▶ **Work item**
After locating the line with "Q: Stroke contrast? A: Medium." in the entries below, output it and each following line up to and including the line with "The passage shown", exactly and without pictures.

Records drawn from a dataset:
- - - - -

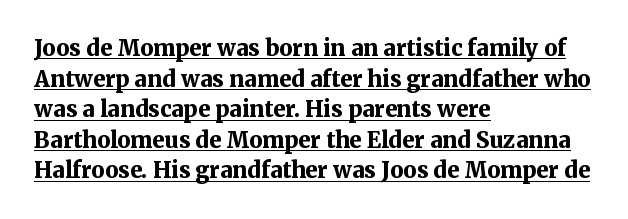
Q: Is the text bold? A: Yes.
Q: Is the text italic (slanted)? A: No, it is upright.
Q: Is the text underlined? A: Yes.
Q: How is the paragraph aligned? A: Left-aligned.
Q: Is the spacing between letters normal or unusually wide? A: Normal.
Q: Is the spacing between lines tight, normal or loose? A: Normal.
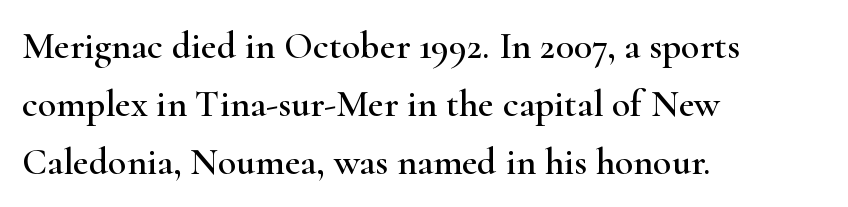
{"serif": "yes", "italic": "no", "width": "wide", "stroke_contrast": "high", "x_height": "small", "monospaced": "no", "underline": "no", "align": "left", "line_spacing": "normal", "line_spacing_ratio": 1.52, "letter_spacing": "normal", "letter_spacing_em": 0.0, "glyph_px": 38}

- - - - -

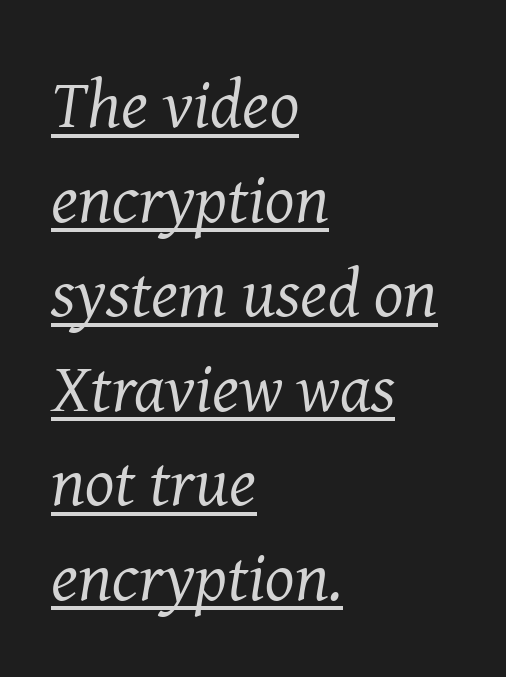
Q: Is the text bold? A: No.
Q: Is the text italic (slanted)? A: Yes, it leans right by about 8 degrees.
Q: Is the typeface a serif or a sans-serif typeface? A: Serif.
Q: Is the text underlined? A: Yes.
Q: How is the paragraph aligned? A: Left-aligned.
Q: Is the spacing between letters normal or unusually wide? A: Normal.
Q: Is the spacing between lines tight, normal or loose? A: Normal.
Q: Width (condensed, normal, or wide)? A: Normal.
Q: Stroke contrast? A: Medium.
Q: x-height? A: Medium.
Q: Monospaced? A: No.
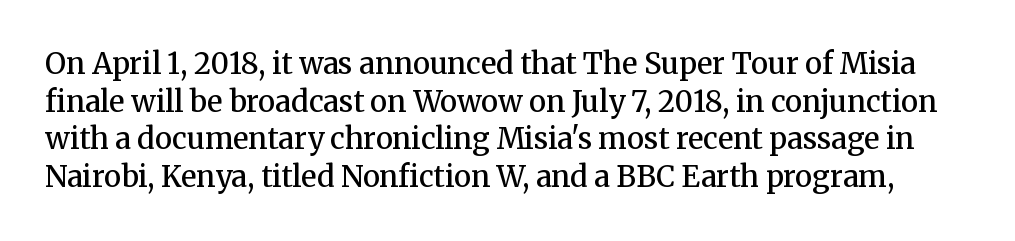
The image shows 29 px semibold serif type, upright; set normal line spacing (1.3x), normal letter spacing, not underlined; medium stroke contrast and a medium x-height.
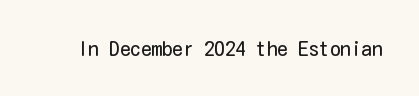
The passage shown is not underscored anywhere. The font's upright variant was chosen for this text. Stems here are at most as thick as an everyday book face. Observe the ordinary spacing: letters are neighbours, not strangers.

- - - - -

▶ **Response to this task**
Q: Stroke contrast? A: Medium.
Q: x-height? A: Medium.
Q: Monospaced? A: No.
The image shows 29 px semibold serif type, upright; set normal line spacing (1.3x), normal letter spacing, not underlined; medium stroke contrast and a medium x-height.
The passage shown is not underscored anywhere. The font's upright variant was chosen for this text. Stems here are at most as thick as an everyday book face. Observe the ordinary spacing: letters are neighbours, not strangers.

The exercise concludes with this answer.